Your assignment: Reproduce the records. Keep every word exact and include no images.

Data supplied:
........

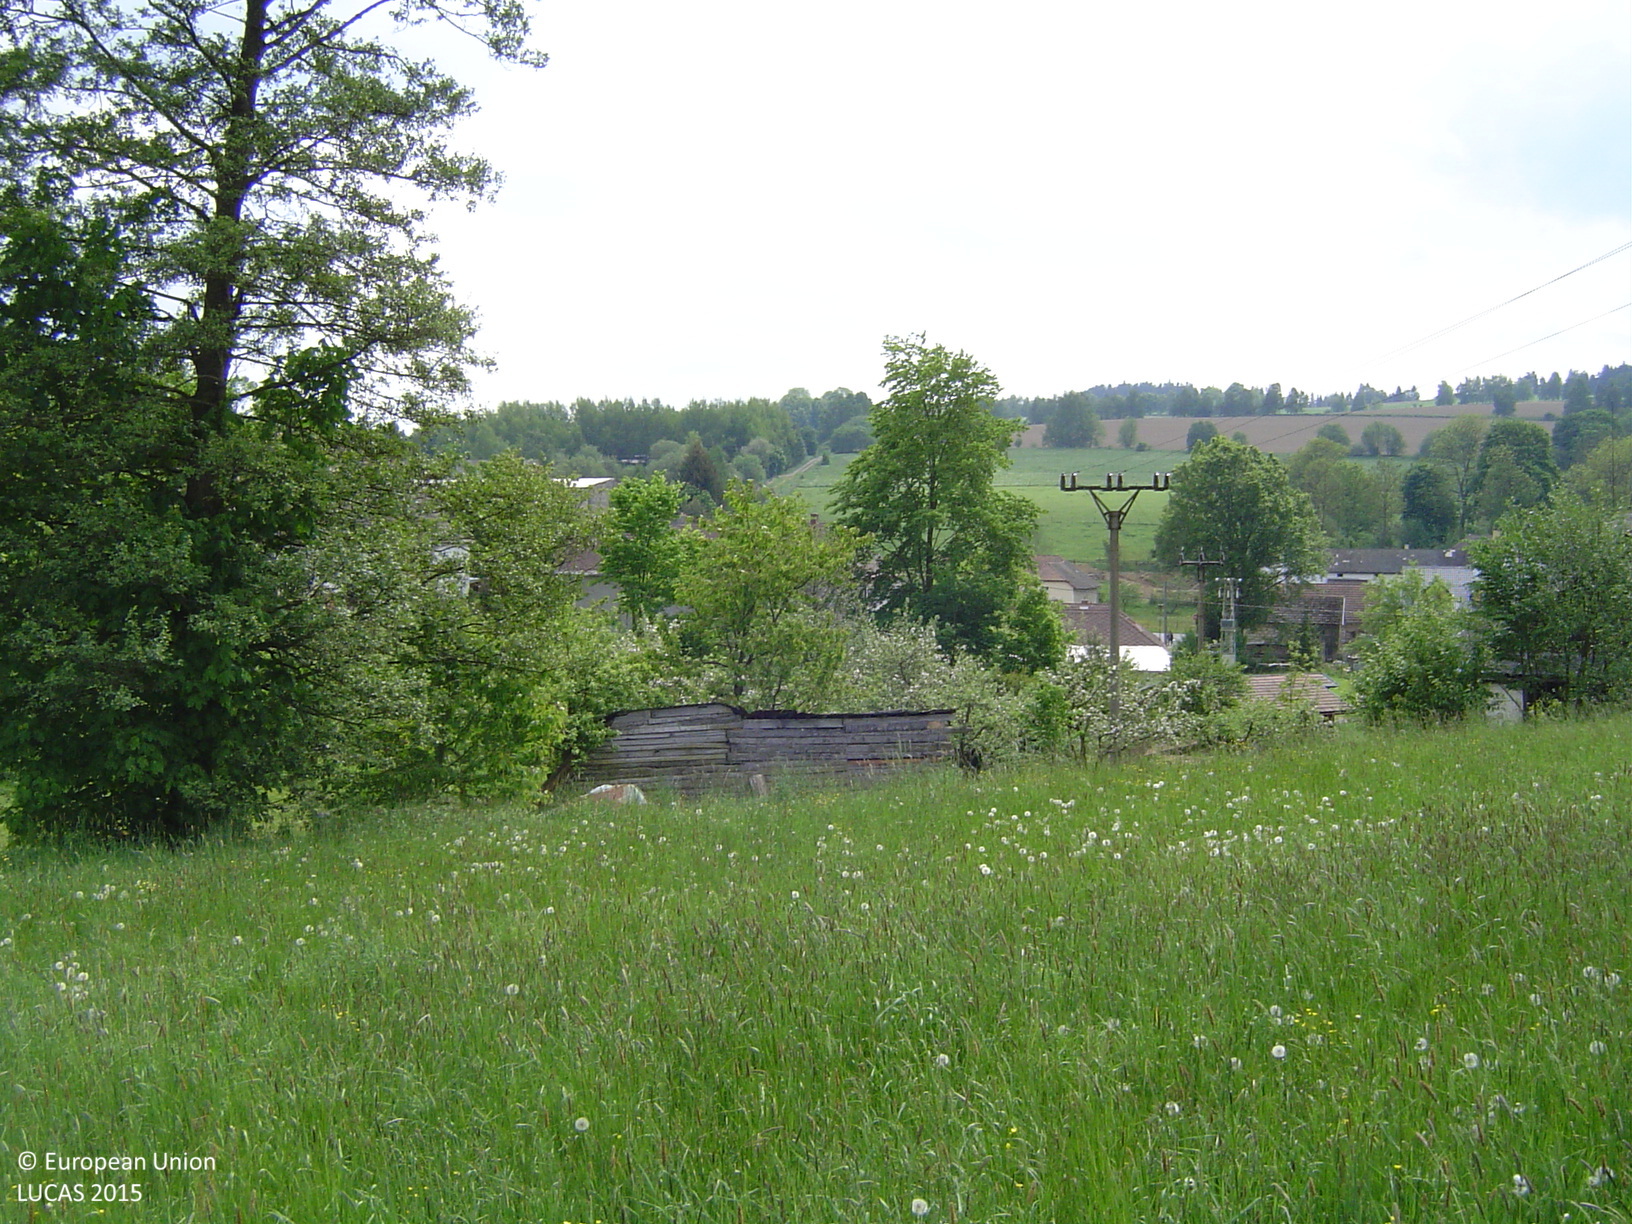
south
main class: Grassland
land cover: Grassland without tree/shrub cover
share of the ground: > 75 %
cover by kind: herbaceous plants 100 %
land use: Agriculture (excluding fallow land and kitchen gardens)
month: May
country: CZ
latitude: 49.6698
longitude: 16.2555
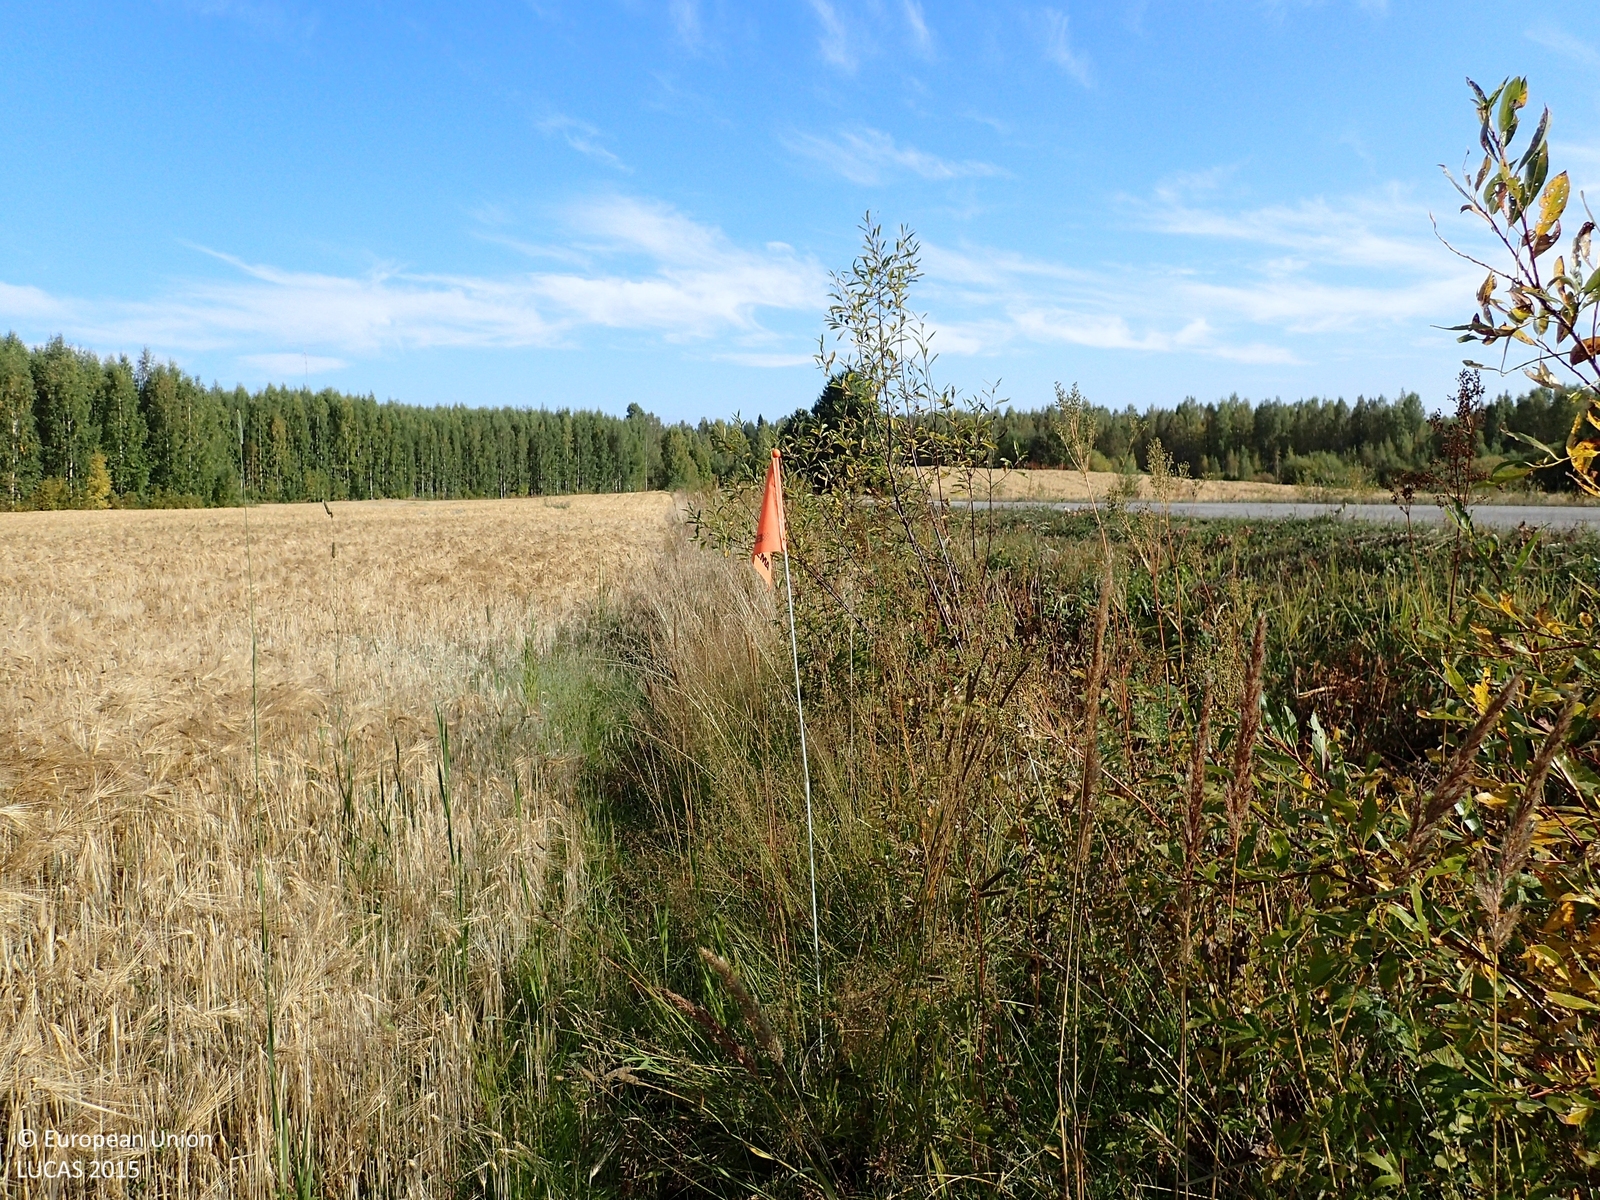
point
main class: Cropland
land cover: Barley
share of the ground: > 75 %
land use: Agriculture (excluding fallow land and kitchen gardens)
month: September
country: FI
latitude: 62.9775
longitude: 25.5557

........

Solved problem:
south
main class: Grassland
land cover: Grassland without tree/shrub cover
share of the ground: > 75 %
cover by kind: herbaceous plants 100 %
land use: Agriculture (excluding fallow land and kitchen gardens)
month: May
country: CZ
latitude: 49.6698
longitude: 16.2555
point
main class: Cropland
land cover: Barley
share of the ground: > 75 %
land use: Agriculture (excluding fallow land and kitchen gardens)
month: September
country: FI
latitude: 62.9775
longitude: 25.5557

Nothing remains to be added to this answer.